JPS605462Y2 - Operation mechanism of closed type switchgear - Google Patents

Description

[Detailed description of the invention] The present invention relates to the operating mechanism of a closed type switchgear, and in particular, when the three-phase switchgears installed in parallel are driven to open and close by a common operating shaft, a sheath current flows through the operating shaft. This invention relates to an operating mechanism with a structure that prevents overheating of the mechanism part due to

In a closed type switchgear with a general gas-insulated structure, when each phase switchgear for three phases is simultaneously opened and closed by the reciprocating motion of a common operating shaft, a sheath current flows to each phase switchgear through the operating shaft, overheating the mechanism part. This may cause problems such as burn-in or burn-in.

As a countermeasure, a method has been adopted in which a cylindrical insulating joint is provided between each phase of the operating shaft to electrically insulate the operating shaft.

However, this type of insulating joint is strong against compressive force but weak against tensile force, and when transmitting reciprocating motion like an operating shaft, an excessive tensile force acts on the joint.

For this reason, it is necessary to increase the strength of the joint, which has the disadvantage of making the entire joint large and expensive.

The present invention eliminates the above-mentioned drawbacks, and has a small, large, and mechanically strong sealed continuous open V that can completely prevent sheath current.
It provides the operating mechanism for the device.

An embodiment of the present invention will be described below with reference to the drawings.

In FIG. 1, IIA, IIB, and IIC are three-phase switchgears arranged in parallel, and 12 is an operating shaft rotated by an operating device 13. This operating shaft 12 has three-phase levers on the shaft. 14A, 14B, 14c are installed and each lever 14A
, 14B, 14C are the movable parts 15 of the corresponding phase switching devices.
A, 15B, 15C, and the rotation of the operating shaft 12 moves the movable part 1 through each phase lever 14A, 14B, 14C.
5A, 15B, and 15C are driven to open and close at the same time.

Reference numeral 16 denotes an insulating joint provided between each phase lever on the operating shaft 13 and between the operating device 13 and the operating shaft 12, respectively.

As shown in FIG. 2, the insulating joint 16 has a pair of joints 17A and 17B, each having a plurality of teeth 18 on the end face, at opposite ends of the cut operating shaft 12.
The teeth 18 and valleys 19 of the joint 16 are alternately engaged with each other via the insulator 2 to form an integral body, and both ends of the joint 16 are connected to the separated ends of the opposing operating shaft 12 by bolts and nuts 21, respectively.

According to the present invention described above, each phase opening device 11A to 11C
Since each phase and the operating device 13 are electrically insulated by the insulator 20 of the insulating joint 16, there is no risk of sheath current flowing through the operating shaft 12, and heating and seizure of the mechanical parts can be reliably prevented.

In addition, each phase opening device 11A to 11C is driven to open and close by rotation of the operating shaft 12, so that the operating force transmitted to the insulating joint 16 of the operating shaft 12 is transmitted from the teeth 18 of one joint. Since the force is transmitted through the insulator 20 in the direction of rotation of the teeth 18 of the other joint, only compressive force acts on the insulator 20 for both left and right rotations.

That is, insulators are typically extremely resistant to compressive forces.

Moreover, this compressive force is several times stronger than the tensile force.

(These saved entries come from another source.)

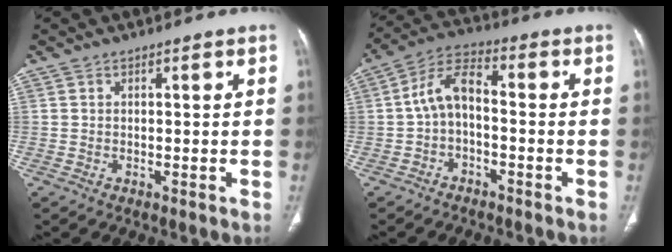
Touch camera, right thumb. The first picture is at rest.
{"total": 7.3, "force": [-1.3, 4.0, 6.0], "torque": [-0.112, 0.033, -0.037]}
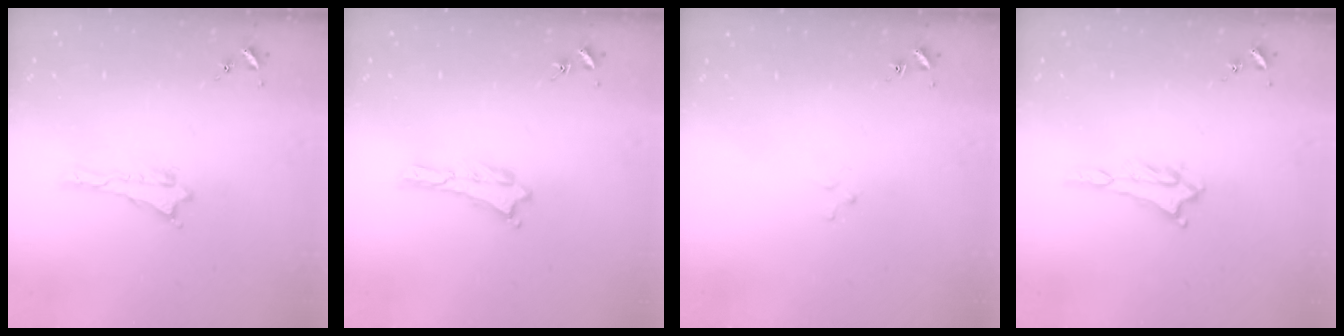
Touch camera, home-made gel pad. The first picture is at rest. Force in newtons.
{"total": 0.0}
{"total": 1.5, "press": 1.5, "slide": 0.2}
{"total": 1.8, "press": 1.8, "slide": 0.1}

Furthermore, for example, the strength of the so-called bonded surface between the flat surface of a metal member and such an insulator is strong against compressive force, but weak against tensile force, shearing force, and bending force, and is particularly strong against shearing force caused by rotational drive. Compared to the compression force, the force and bending force are approximately one order of magnitude lower.

For these reasons, an insulated joint formed by interposing an insulating material between the teeth that are embedded into each other as in the embodiment of the present invention is not suitable for rotational driving. Mainly as an insulator, it can transmit rotational force through strong compressive force.

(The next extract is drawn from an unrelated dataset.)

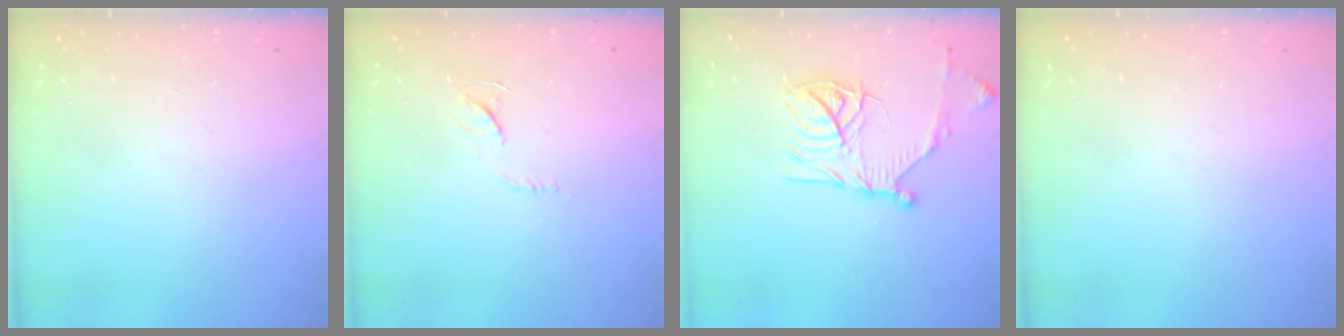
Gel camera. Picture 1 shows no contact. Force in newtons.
{"total": 6.1, "press": 6.1, "slide": 0.3}
{"total": 17.1, "press": 17.1, "slide": 1.1}
{"total": 0.0}

Therefore, it has high strength, can be constructed in a small size, and is safe even under severe operation.

[Brief explanation of drawings]

FIG. 1 is a perspective view showing an embodiment of the operating mechanism of a closed type opening/closing device according to the present invention, and FIG. 2 is a detailed view of section A in FIG. 1. 11A to IIC...Each phase opening device, 12...
...Operating axis, 13...Operating device, 14A~1
4C...Lever 16...Insulation joint,
17A, 17B...Joint, 18...Teeth, 20...Insulator.

Claims (1)

[Scope of utility model registration request] It is equipped with switching devices for three phases installed in parallel, a common operating shaft for opening and closing the switching devices via levers, and an operating device for rotationally driving this operating shaft. and an operation of a closed type switchgear, characterized in that the operating device and the operating shaft are connected by an insulating joint formed by engaging a pair of joints each having a plurality of teeth on the end face with an insulating material interposed therebetween. mechanism.